Dans les deux introductions comme dans le corps du texte de Heidegger, Une introduction critique, il est fait à ce point abondamment référence à l’antisémitisme exhumé dans les désormais fameux Cahiers noirs, que ce début de lecture critique de l’oeuvre heidegerienne en fait plus que son filtre de lecture privilégié. Non seulement lire Heidegger ne se peut sans omettre sa haine du juif, mais celle-ci en devient de facto le seul prisme éthiquement possible. Qu’on s’en défende (comme Trawny) ou qu’on y fonde les raisons de s’en interdire la lecture, par les commentaires seuls qui s’y attellent, la haine du juif innerve toute l’Oeuvre. Dans la Préface aux œuvres posthumes de Spinoza, Jarig Jelles nous donne à lire, par l’entremise de son préfacier, un Spinoza chrétien, attaché à sauver Dieu, la foi et le Christ. Aux antipodes de la lecture agnostique que fera le vingtième siècle français de son oeuvre, le préfacier du dix septième inscrit bien celle-ci, non dans une volonté de rébellion ou de refonte religieuse, mais dans le projet de construire un système qui soit bien conforme aux impératifs religieux de son temps.

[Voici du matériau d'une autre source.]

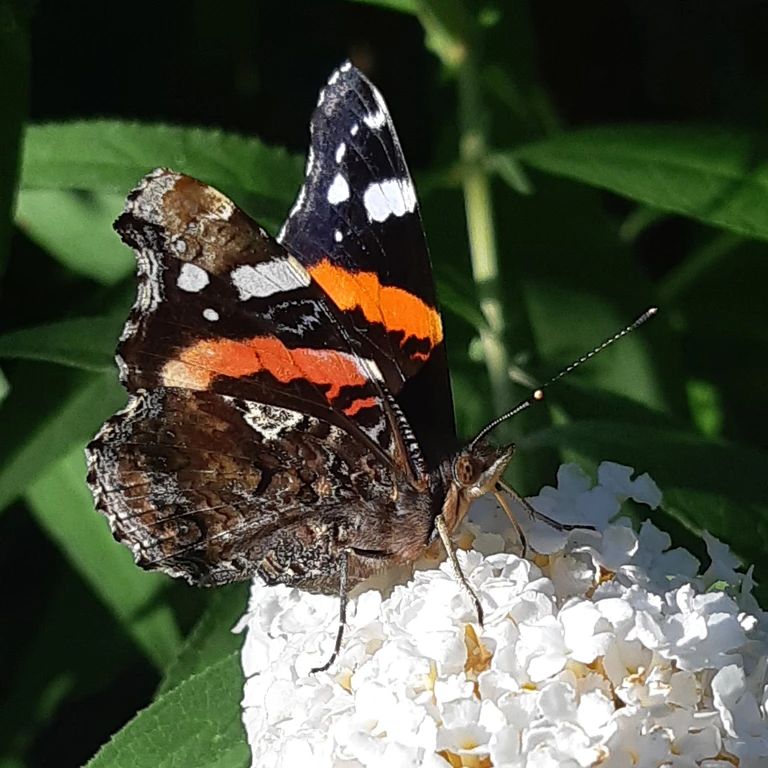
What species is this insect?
Vanessa atalanta

D’un côté nous avons une introduction qui pèse et soupèse les conséquences sur l’oeuvre de l’engagement antisémite de son auteur. De l’autre nous avons une préface, oubliée depuis 350 ans, qui atteste de l’ancrage chrétien d’un auteur. Le premier texte, pourtant désireux de marquer qu’elle ne s’y limite pas, borne in fine une oeuvre aux errements les plus coupables de l’époque qui l’a vu naître. Le second réaffirme l’inscription dans son temps d’une oeuvre dont la postérité l’en avait radicalement disjointe.

Ce que nous rappelle la juxtaposition de ces deux préfaces, par le contraste qu’instituent les  réceptions des livres qu’elles introduisent respectivement, « l’oubli » (oubli bien plus souvent forcé qu’aveugle) du con-texte est au moins aussi imbécile que sa surenchère. Une Ethique débarrassée de Dieu est aussi absurde qu’un Etre et temps essentiellement antisémite. « Dépoussiérer » une oeuvre des marques du temps de son écriture, la rendre « actuelle », compréhensible en dehors de son carcan temporel, ne peut se faire au mépris de sa réalité. Lui dessiner des contours précis, l’incarner dans son époque et les schémas socio-politiques que partageait son auteur avec ses contemporains ne doit pas revenir à l’ensevelir sous ces contours. A défaut, on fait de Spinoza un athée, de Heidegger un antisémite et juste un antisémite, de Nietzsche un prophète de la gauche et d’Alexandre Jardin un écrivain…

Peter Trawny, Heidegger, une introduction critique, 2017, Le Seuil, trad. Marc de Launay.

Jarig Jelles, Préface aux œuvres posthumes de Spinoza, 2017, Allia.